_DATA LISTING_:
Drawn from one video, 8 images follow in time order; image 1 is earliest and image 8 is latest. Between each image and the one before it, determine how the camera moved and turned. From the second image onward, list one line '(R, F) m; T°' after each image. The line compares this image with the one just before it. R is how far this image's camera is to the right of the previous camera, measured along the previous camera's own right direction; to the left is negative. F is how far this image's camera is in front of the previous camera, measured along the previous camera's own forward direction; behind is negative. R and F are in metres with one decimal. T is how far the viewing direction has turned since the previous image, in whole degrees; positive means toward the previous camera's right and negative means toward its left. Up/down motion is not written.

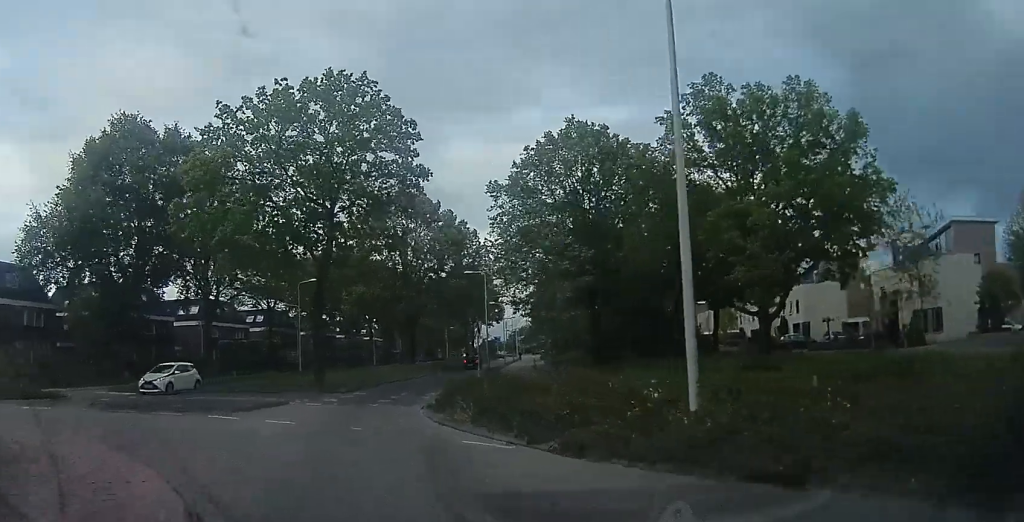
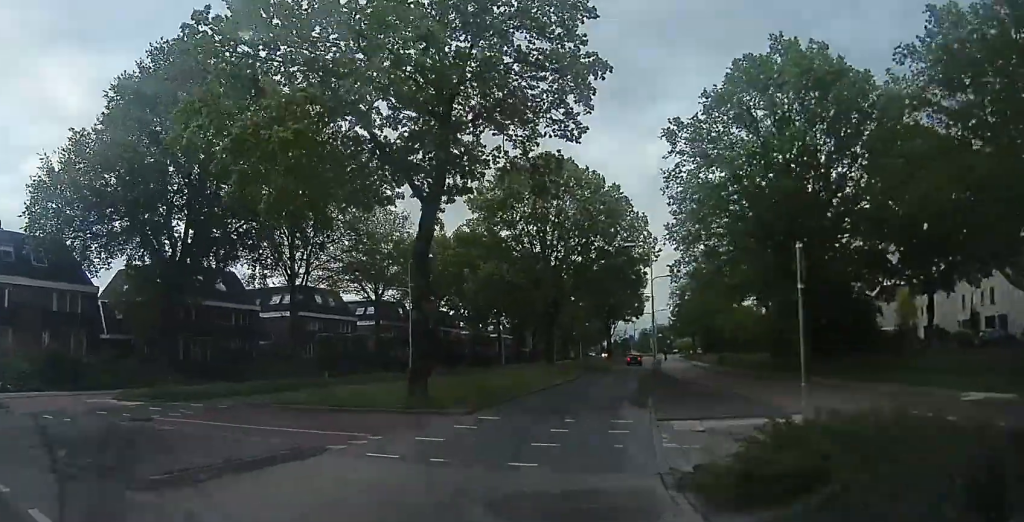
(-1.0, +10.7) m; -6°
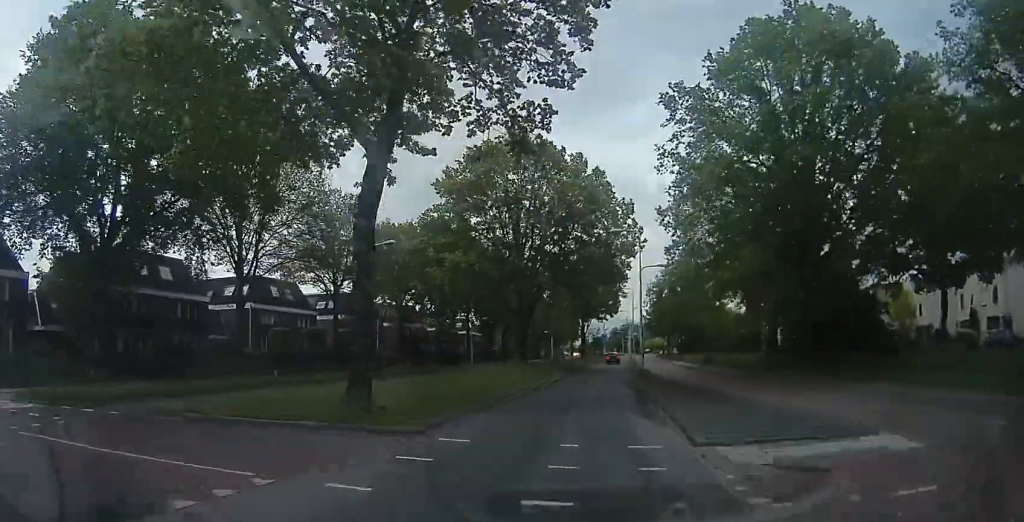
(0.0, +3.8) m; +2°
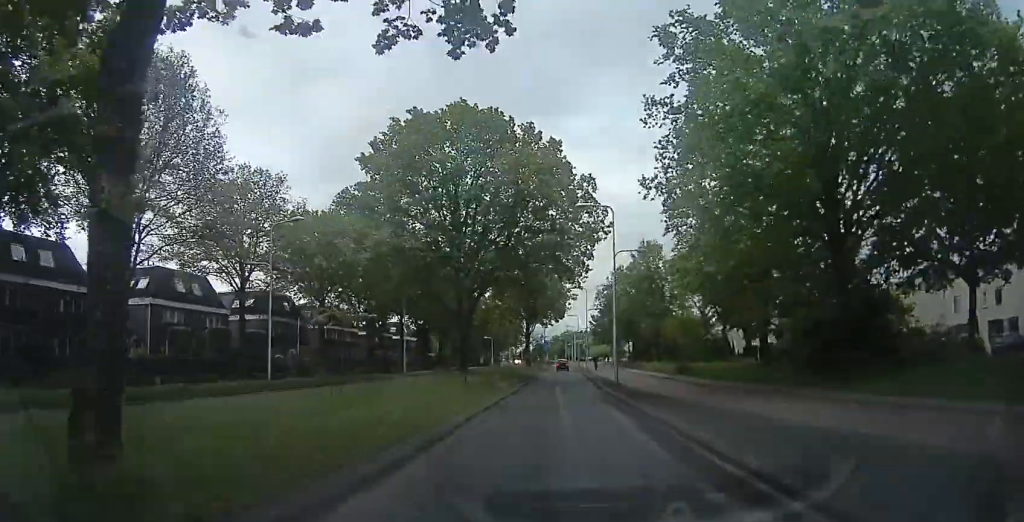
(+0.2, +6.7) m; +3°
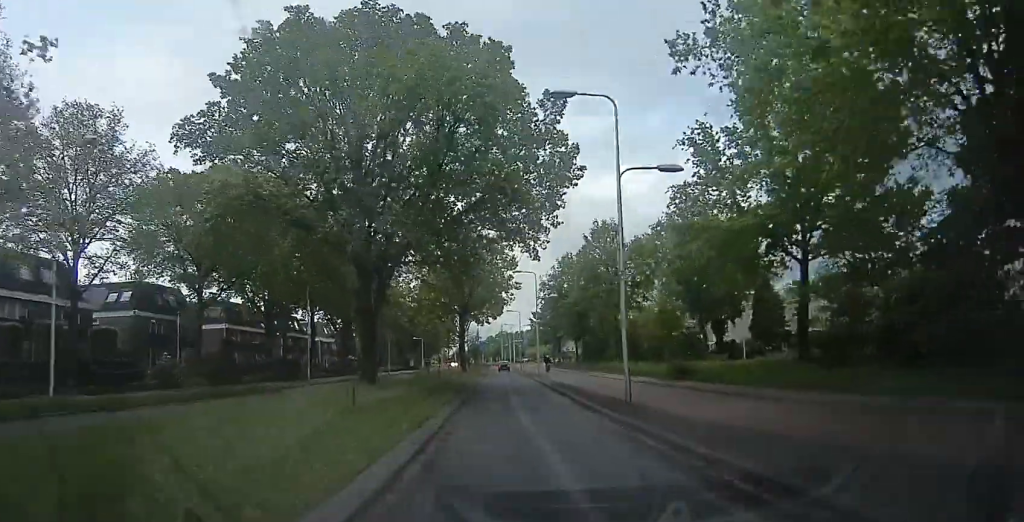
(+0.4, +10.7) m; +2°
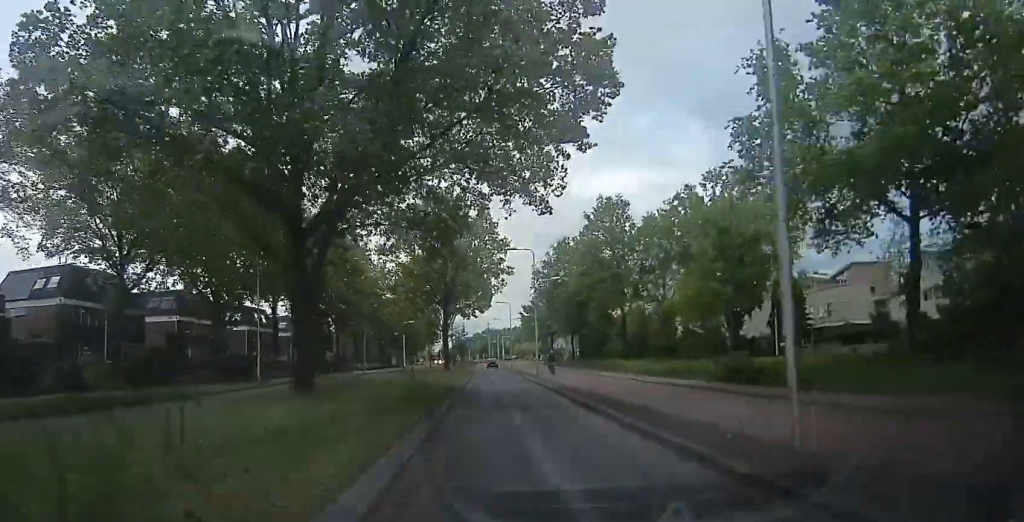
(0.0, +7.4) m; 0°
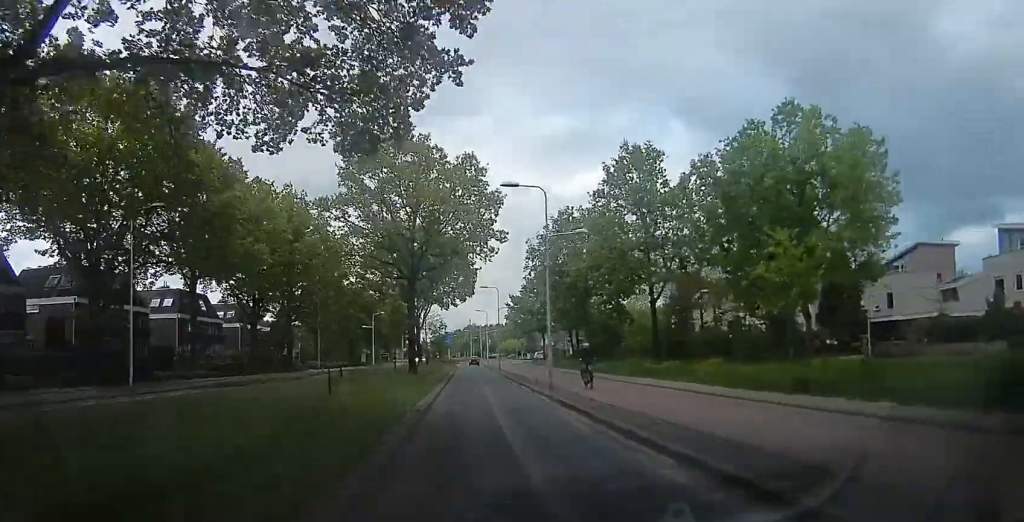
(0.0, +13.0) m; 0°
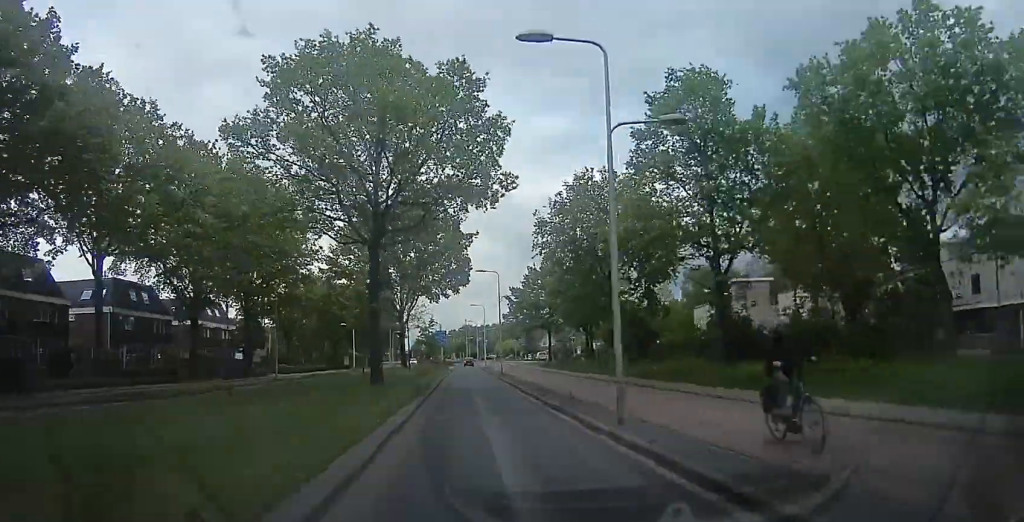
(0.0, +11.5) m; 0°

--

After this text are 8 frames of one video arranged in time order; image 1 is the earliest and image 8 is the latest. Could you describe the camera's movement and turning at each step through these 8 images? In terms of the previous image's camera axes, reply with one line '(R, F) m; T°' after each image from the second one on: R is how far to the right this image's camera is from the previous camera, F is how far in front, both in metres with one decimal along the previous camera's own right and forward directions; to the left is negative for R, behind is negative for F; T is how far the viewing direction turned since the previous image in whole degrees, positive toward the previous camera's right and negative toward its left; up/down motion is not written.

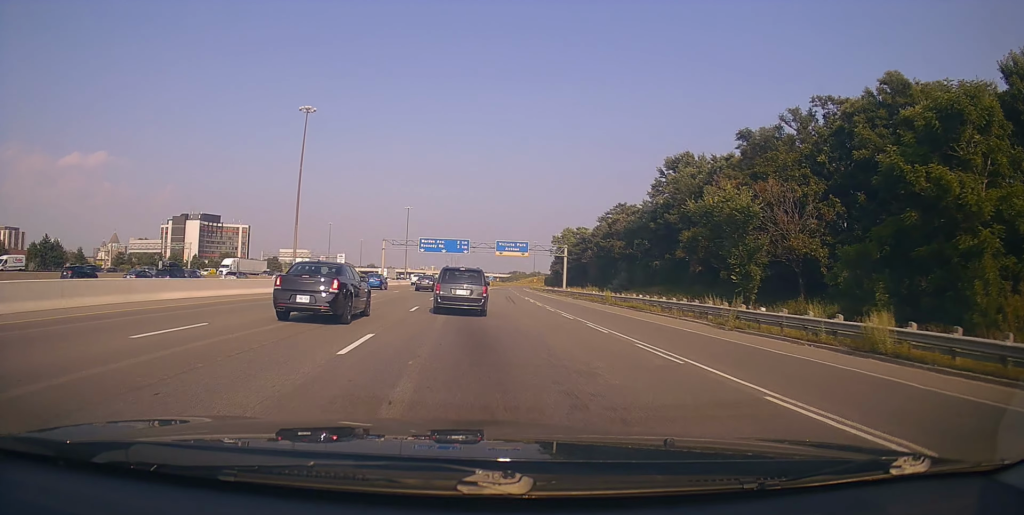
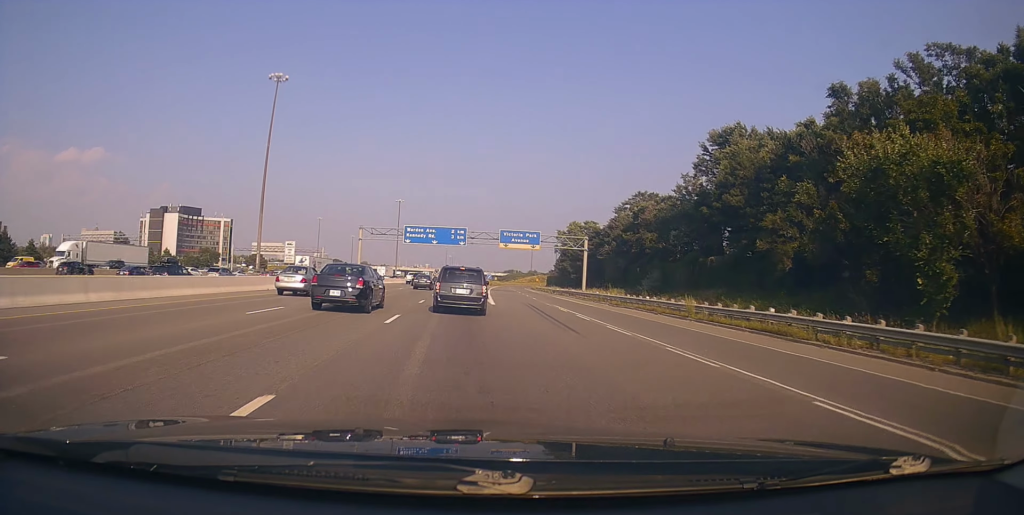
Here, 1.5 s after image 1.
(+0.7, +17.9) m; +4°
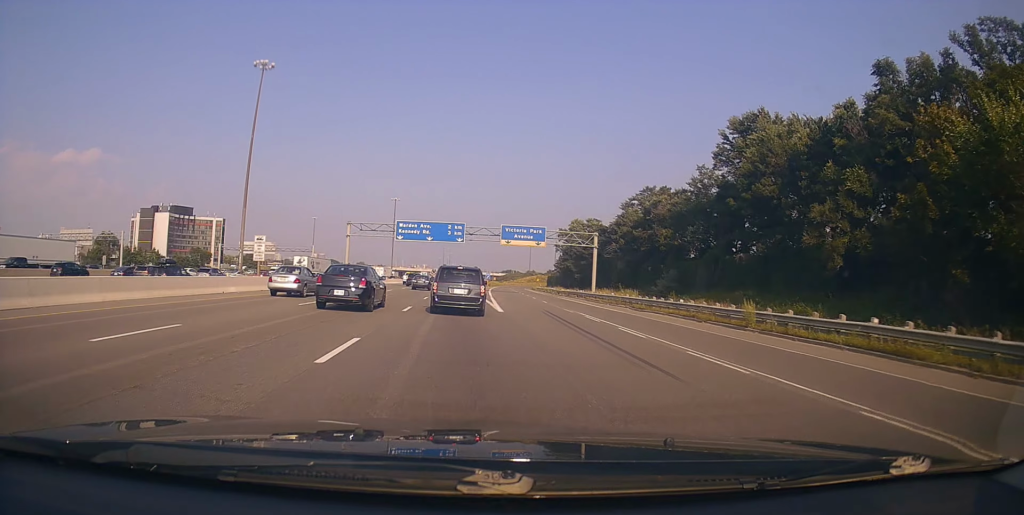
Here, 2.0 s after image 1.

_WHAT NEEDS TO BE DONE_:
Within the listing above, the lines from the one with "After this text" through the one with "Here, 2.0 s after image 1." are to be given again word for word. Do not include pictures.

_COMPLETED TASK_:
After this text are 8 frames of one video arranged in time order; image 1 is the earliest and image 8 is the latest. Could you describe the camera's movement and turning at each step through these 8 images? In terms of the previous image's camera axes, reply with one line '(R, F) m; T°' after each image from the second one on: R is how far to the right this image's camera is from the previous camera, F is how far in front, both in metres with one decimal along the previous camera's own right and forward directions; to the left is negative for R, behind is negative for F; T is how far the viewing direction turned since the previous image in whole degrees, positive toward the previous camera's right and negative toward its left; up/down motion is not written.

Here, 1.5 s after image 1.
(+0.7, +17.9) m; +4°
Here, 2.0 s after image 1.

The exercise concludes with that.